Using kernel-space threads with Perl

aberman has asked for the wisdom of the Perl Monks concerning the following question:

Replies are listed 'Best First'.
Re: Using kernel-space threads with Perl by BrowserUk (Patriarch) on Mar 21, 2011 at 23:48 UTC
Is this possible in Perl, or is there a strategy I can use that won't involve copying the entire contents of memory into each iThread? Unfortunately, there is no way to do this efficiently in Perl if every thread needs to be able to access all the data. Examine what is said, not who speaks -- Silence betokens consent -- Love the truth but pardon error. "Science is about questioning the status quo. Questioning authority". In the absence of evidence, opinion is indistinguishable from prejudice.	[reply]

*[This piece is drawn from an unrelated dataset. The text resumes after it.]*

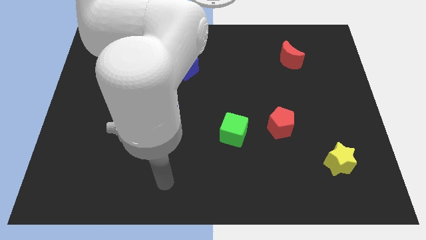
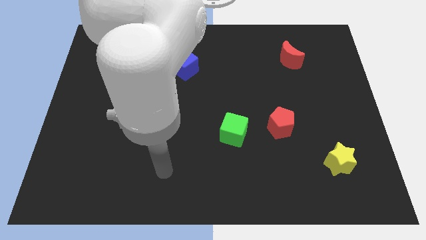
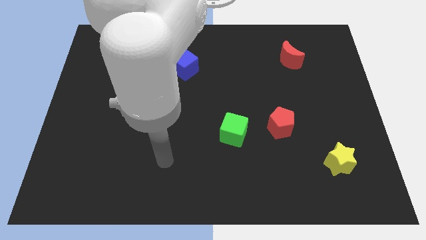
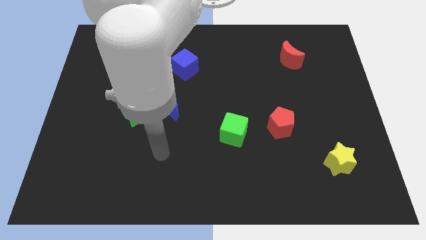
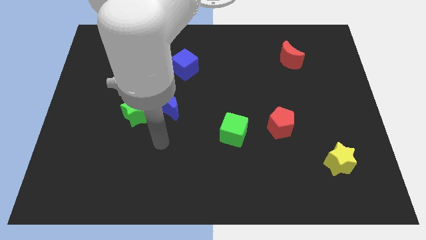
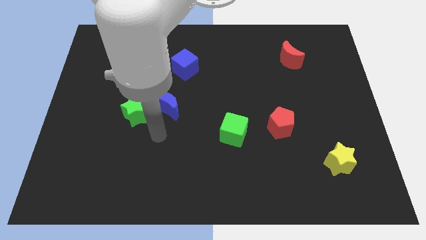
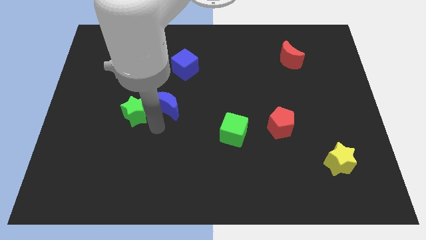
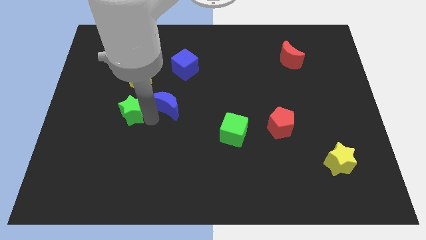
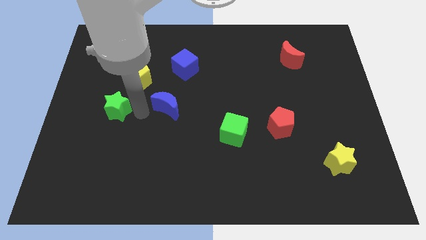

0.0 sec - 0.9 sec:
separate the blue moon from the green star

Re^2: Using kernel-space threads with Perl by aberman (Initiate) on Mar 21, 2011 at 23:54 UTC
Each thread does not necessarily need to see all the data. The job is embarrassingly parallelizable, so I was going to simply carve it up into pieces. The problem was getting each of the pieces into the threads. If I split up the data before hand, then all of it still gets copied into the threads. Maybe I'm using the wrong strategy? Thanks!	[reply]
Re^3: Using kernel-space threads with Perl by BrowserUk (Patriarch) on Mar 22, 2011 at 00:19 UTC
The job is embarrassingly parallelizable, so I was going to simply carve it up into pieces. Then it may be possible to do something useful. It depends on wher you are getting the data from and how it can be subdivided. A little more information about the data and the processing to be performed on that data might suggest a better technique. Examine what is said, not who speaks -- Silence betokens consent -- Love the truth but pardon error. "Science is about questioning the status quo. Questioning authority". In the absence of evidence, opinion is indistinguishable from prejudice.	[reply]
Re^3: Using kernel-space threads with Perl (order) by tye (Sage) on Mar 22, 2011 at 00:44 UTC
Create the threads first and then have each thread load just the data it needs (and don't share it, of course). Then there won't be extra copies of that stuff created. - tye	[reply]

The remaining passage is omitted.